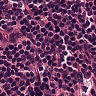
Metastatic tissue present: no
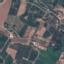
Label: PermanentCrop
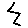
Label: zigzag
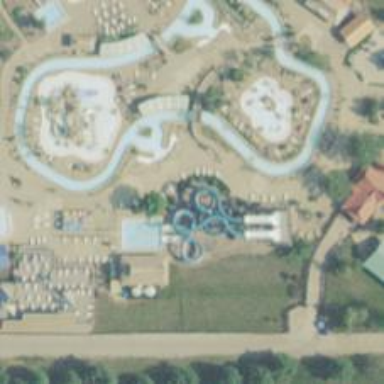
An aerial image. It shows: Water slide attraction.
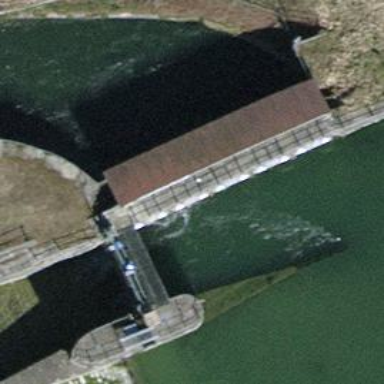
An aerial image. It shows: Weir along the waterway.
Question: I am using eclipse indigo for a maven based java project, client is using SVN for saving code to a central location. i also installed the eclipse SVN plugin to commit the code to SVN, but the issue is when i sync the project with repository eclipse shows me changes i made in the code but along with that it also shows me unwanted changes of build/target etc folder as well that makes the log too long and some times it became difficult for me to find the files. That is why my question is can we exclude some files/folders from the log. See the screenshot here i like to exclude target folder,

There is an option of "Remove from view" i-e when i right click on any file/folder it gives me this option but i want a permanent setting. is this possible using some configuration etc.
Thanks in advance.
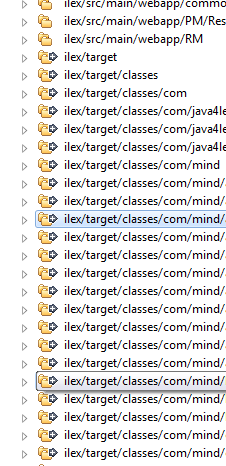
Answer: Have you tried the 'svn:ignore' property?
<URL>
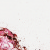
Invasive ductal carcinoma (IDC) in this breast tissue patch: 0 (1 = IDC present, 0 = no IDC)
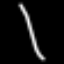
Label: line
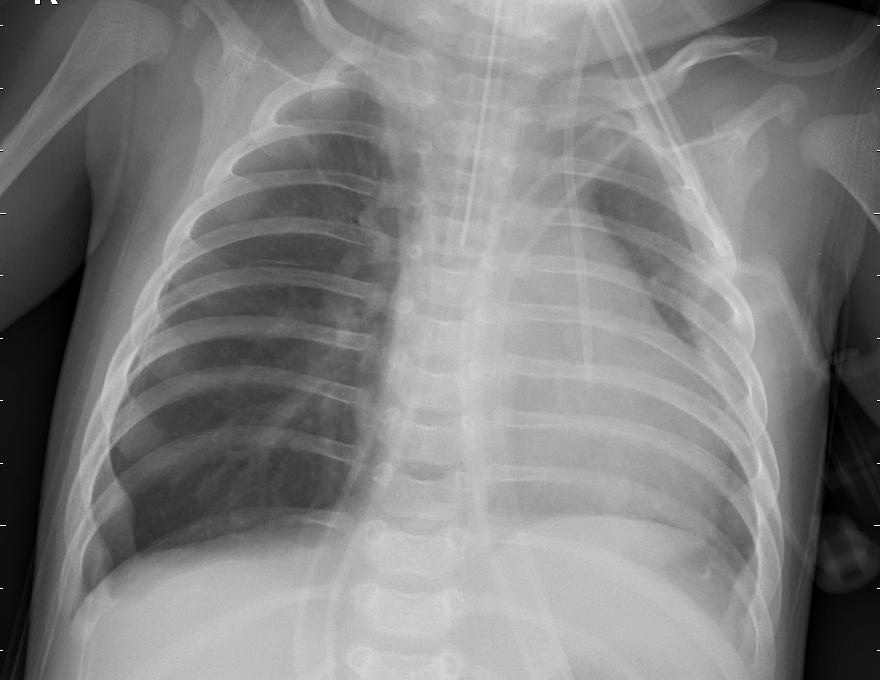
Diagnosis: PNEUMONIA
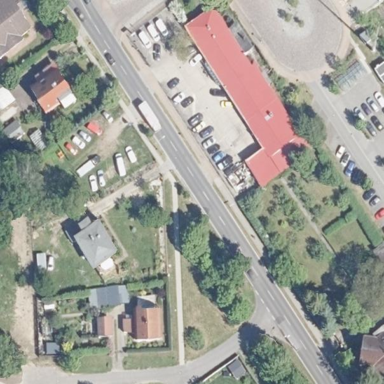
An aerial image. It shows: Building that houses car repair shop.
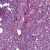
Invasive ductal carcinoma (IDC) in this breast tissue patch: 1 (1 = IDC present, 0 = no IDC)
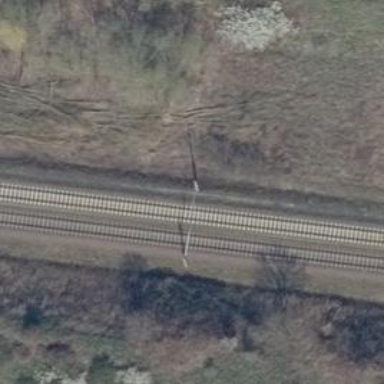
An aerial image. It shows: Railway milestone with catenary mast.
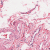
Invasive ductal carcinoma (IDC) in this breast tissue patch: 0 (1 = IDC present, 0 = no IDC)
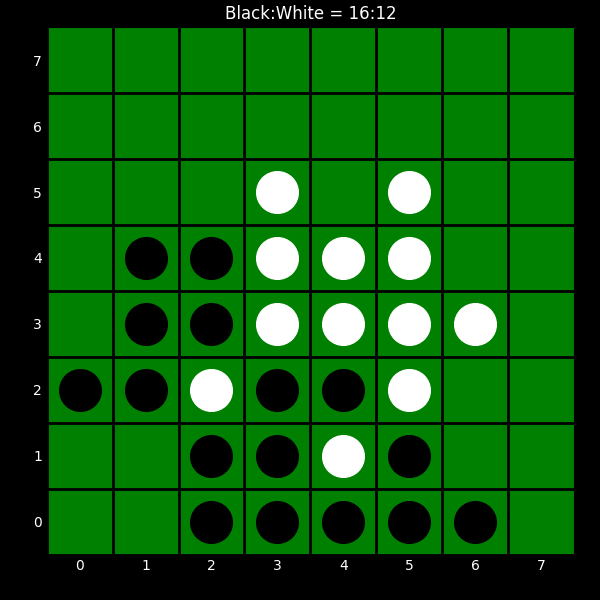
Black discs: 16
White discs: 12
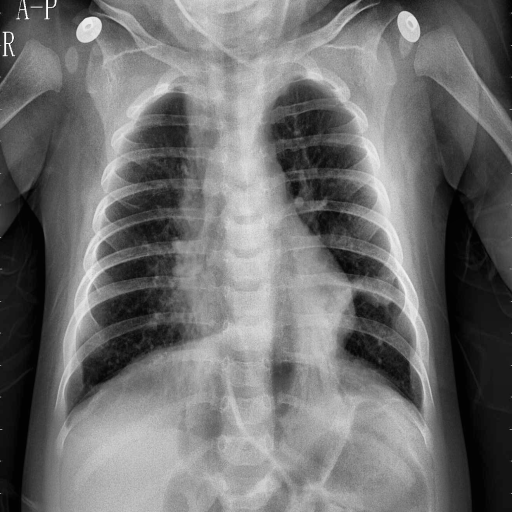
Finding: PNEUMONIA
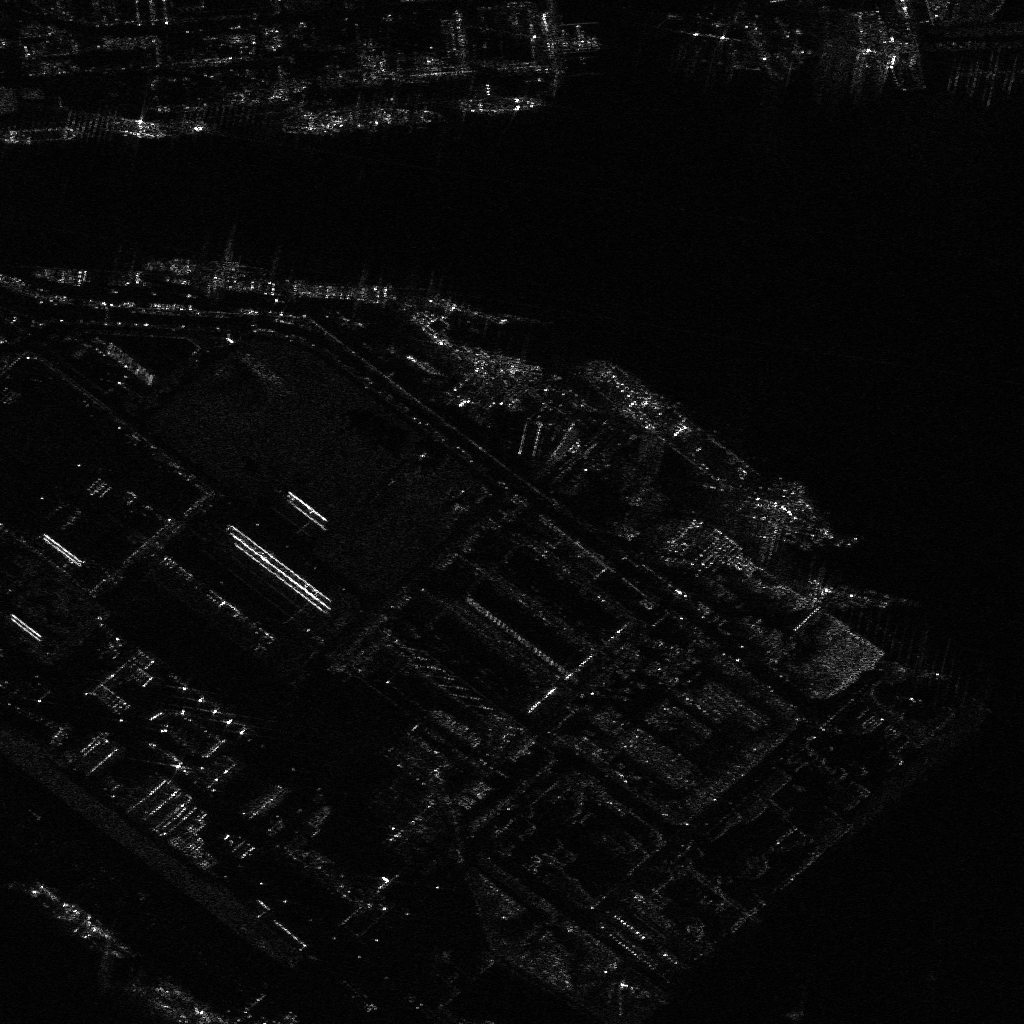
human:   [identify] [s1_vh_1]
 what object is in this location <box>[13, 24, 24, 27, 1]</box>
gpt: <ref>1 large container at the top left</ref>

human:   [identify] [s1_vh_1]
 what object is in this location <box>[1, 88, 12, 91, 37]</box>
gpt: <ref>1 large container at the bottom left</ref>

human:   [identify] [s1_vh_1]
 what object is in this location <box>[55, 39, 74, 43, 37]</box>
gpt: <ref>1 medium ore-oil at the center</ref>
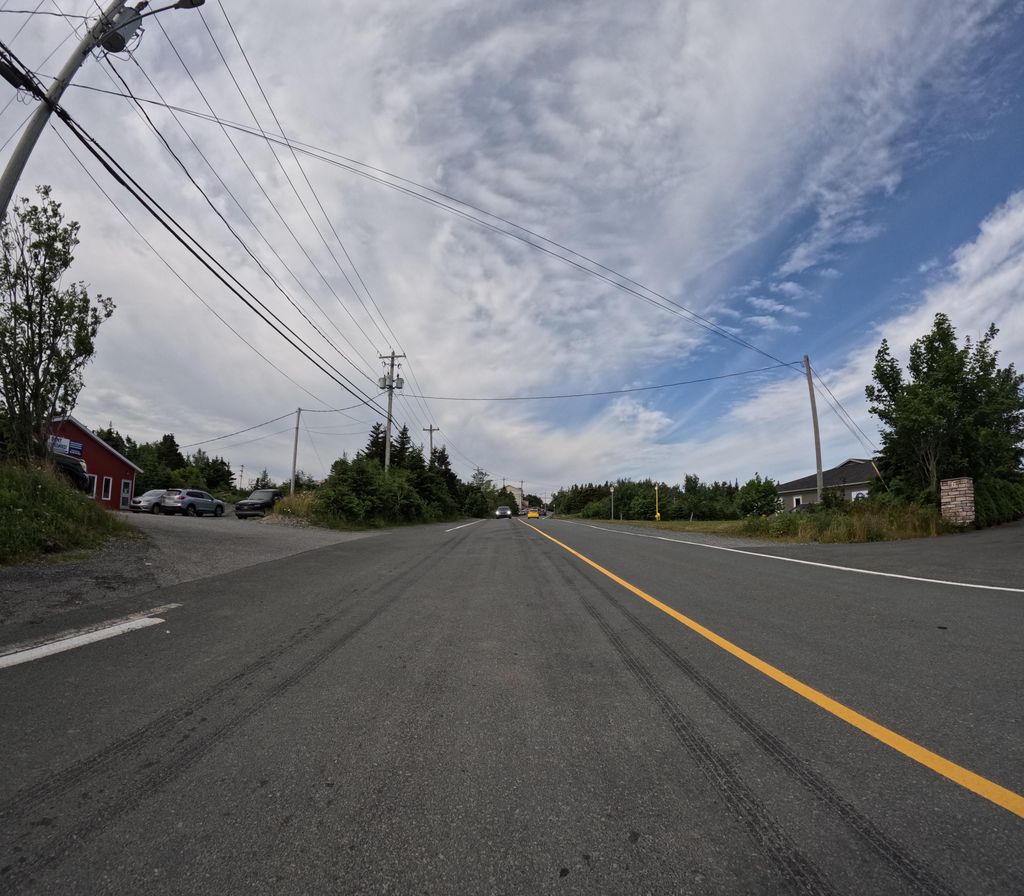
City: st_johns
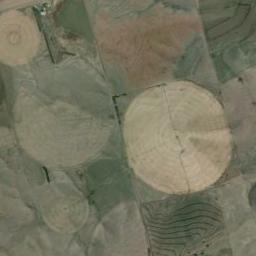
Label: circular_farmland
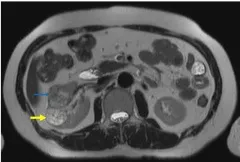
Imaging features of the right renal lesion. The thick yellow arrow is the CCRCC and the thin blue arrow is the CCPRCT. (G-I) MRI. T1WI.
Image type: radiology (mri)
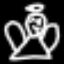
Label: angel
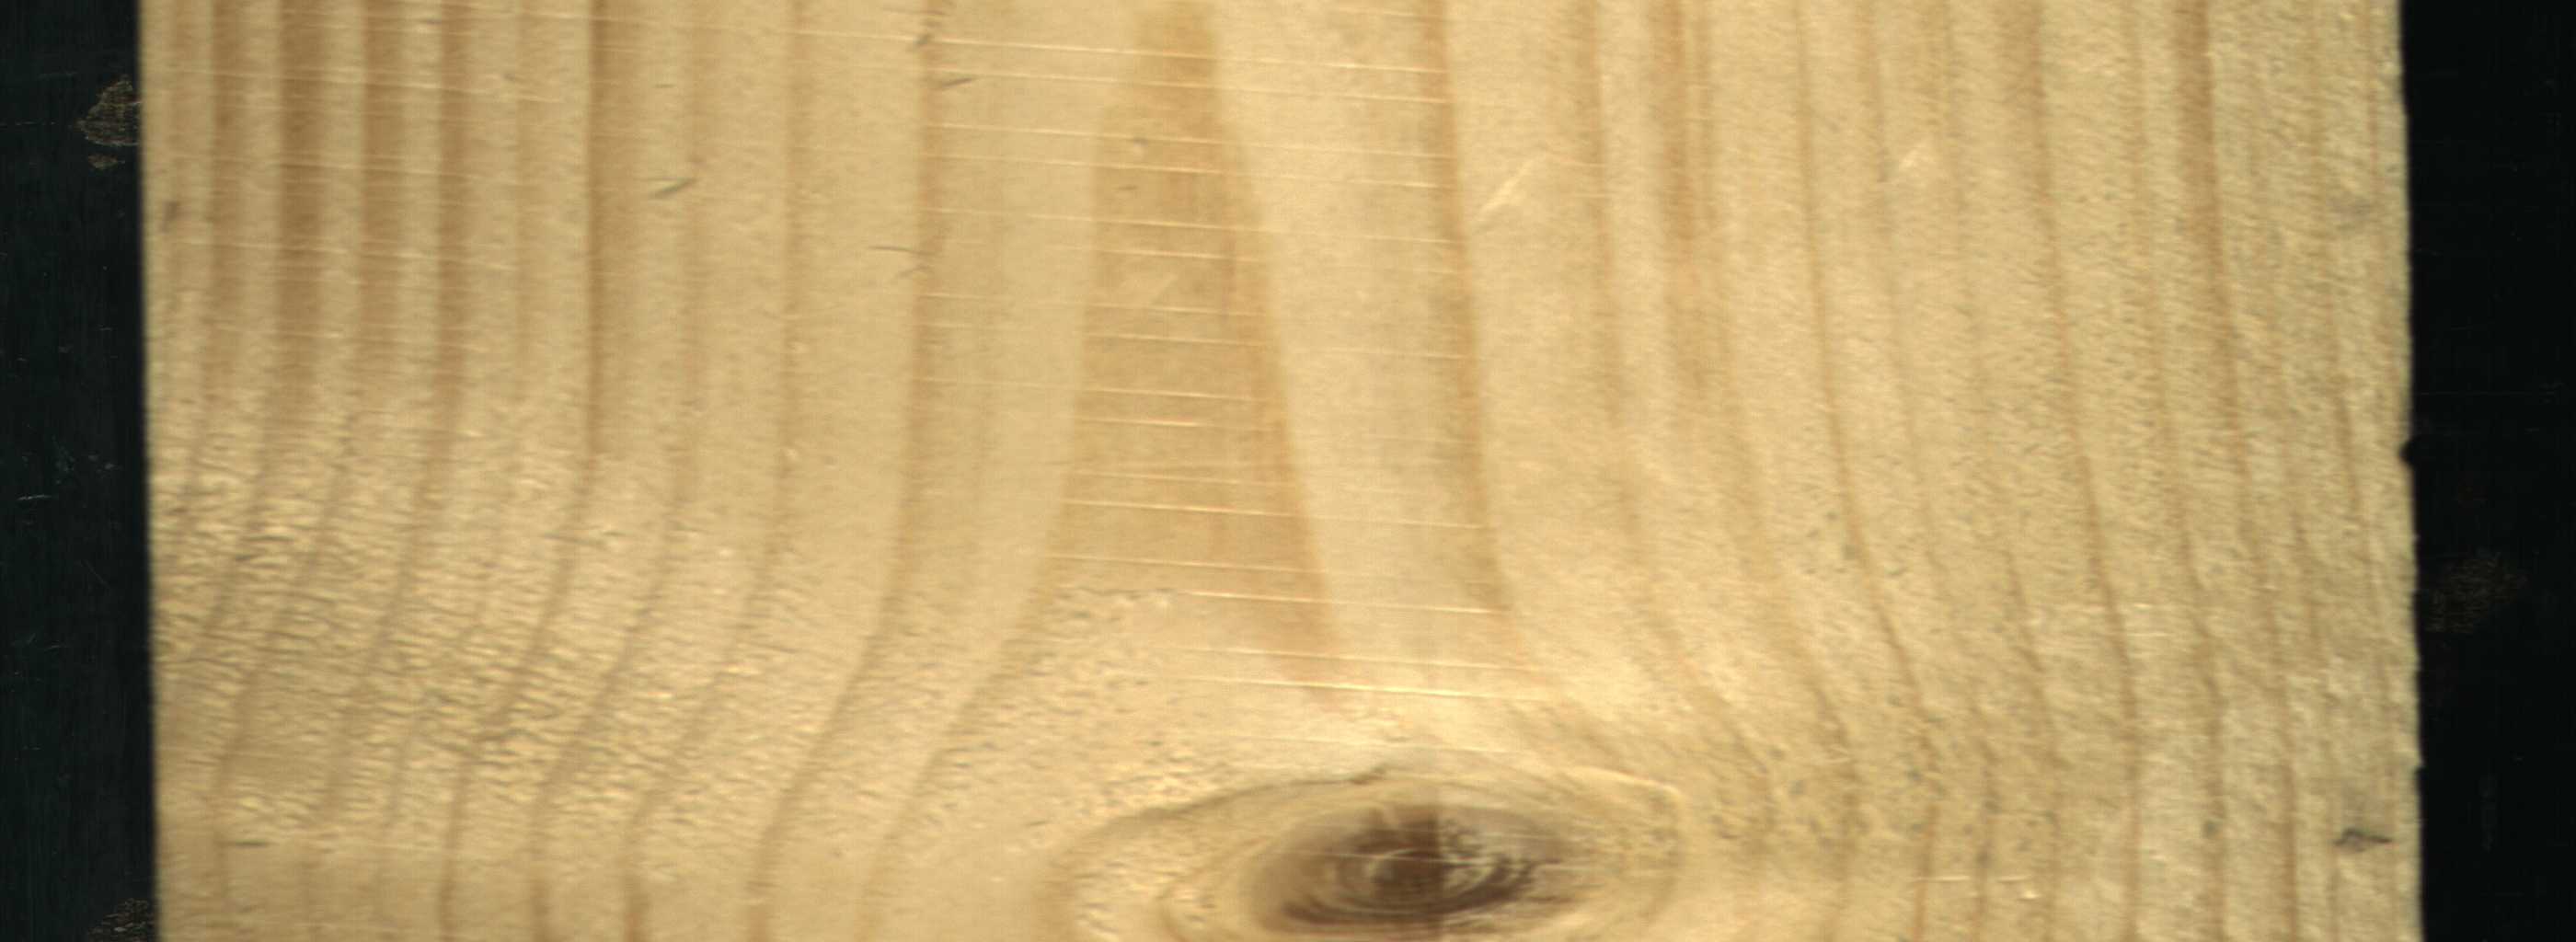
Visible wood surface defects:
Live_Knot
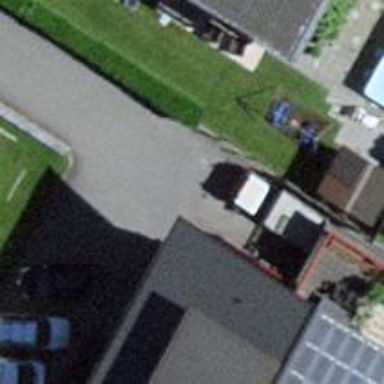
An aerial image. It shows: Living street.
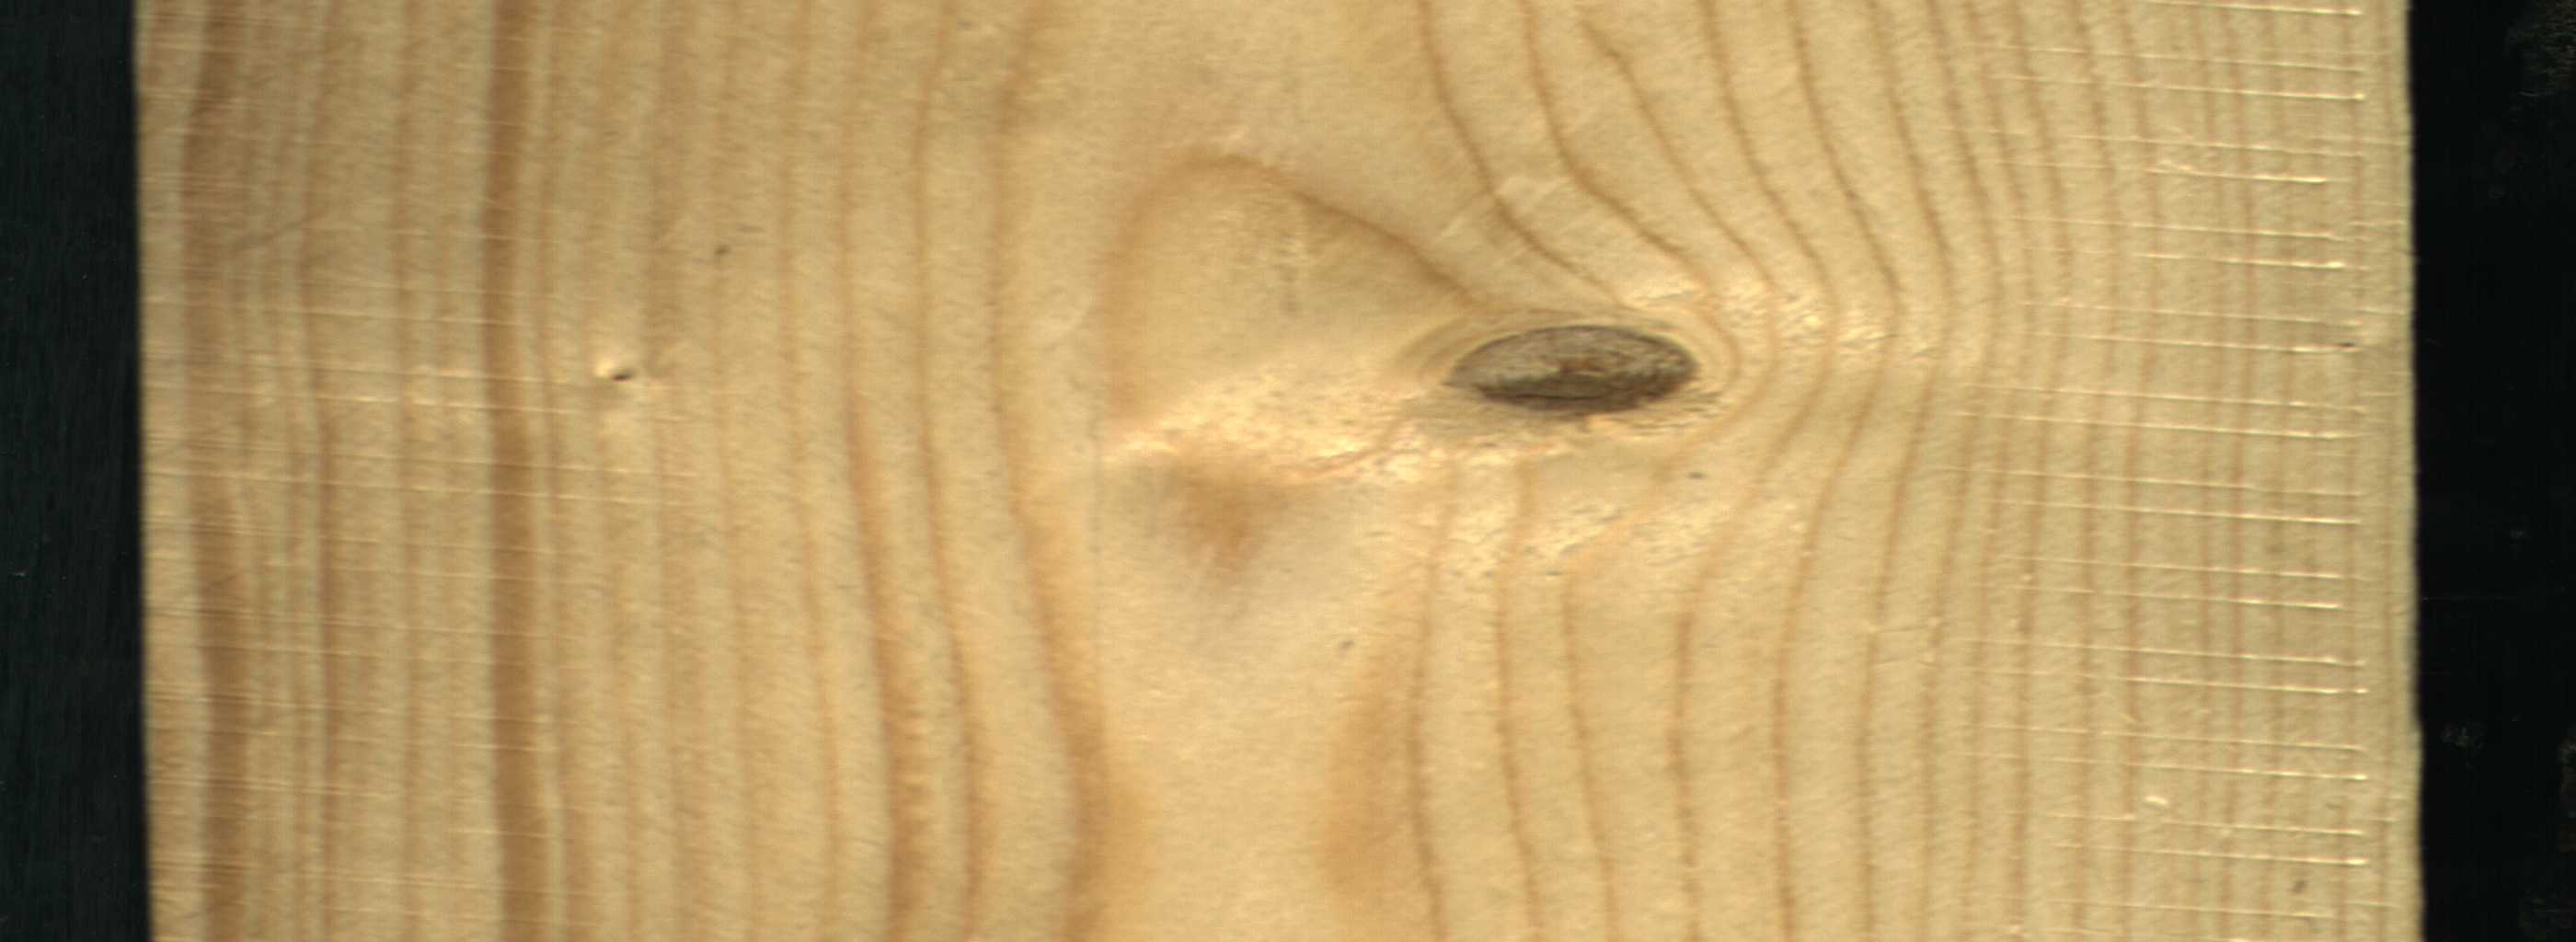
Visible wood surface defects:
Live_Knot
--
### INSTRUCTIONS TO FOLLOW
From the line containing "what object is in this location <box>[13, 24, 24, 27, 1]</box>" through the last line of the entries, copy each line exactly and only those, skipping all pictures.

### RESPONSE TO THIS TASK
 what object is in this location <box>[13, 24, 24, 27, 1]</box>
gpt: <ref>1 large container at the top left</ref>

human:   [identify] [s1_vh_1]
 what object is in this location <box>[1, 88, 12, 91, 37]</box>
gpt: <ref>1 large container at the bottom left</ref>

human:   [identify] [s1_vh_1]
 what object is in this location <box>[55, 39, 74, 43, 37]</box>
gpt: <ref>1 medium ore-oil at the center</ref>
City: st_johns
Label: circular_farmland
Imaging features of the right renal lesion. The thick yellow arrow is the CCRCC and the thin blue arrow is the CCPRCT. (G-I) MRI. T1WI.
Image type: radiology (mri)
Label: angel
Visible wood surface defects:
Live_Knot
An aerial image. It shows: Living street.
Visible wood surface defects:
Live_Knot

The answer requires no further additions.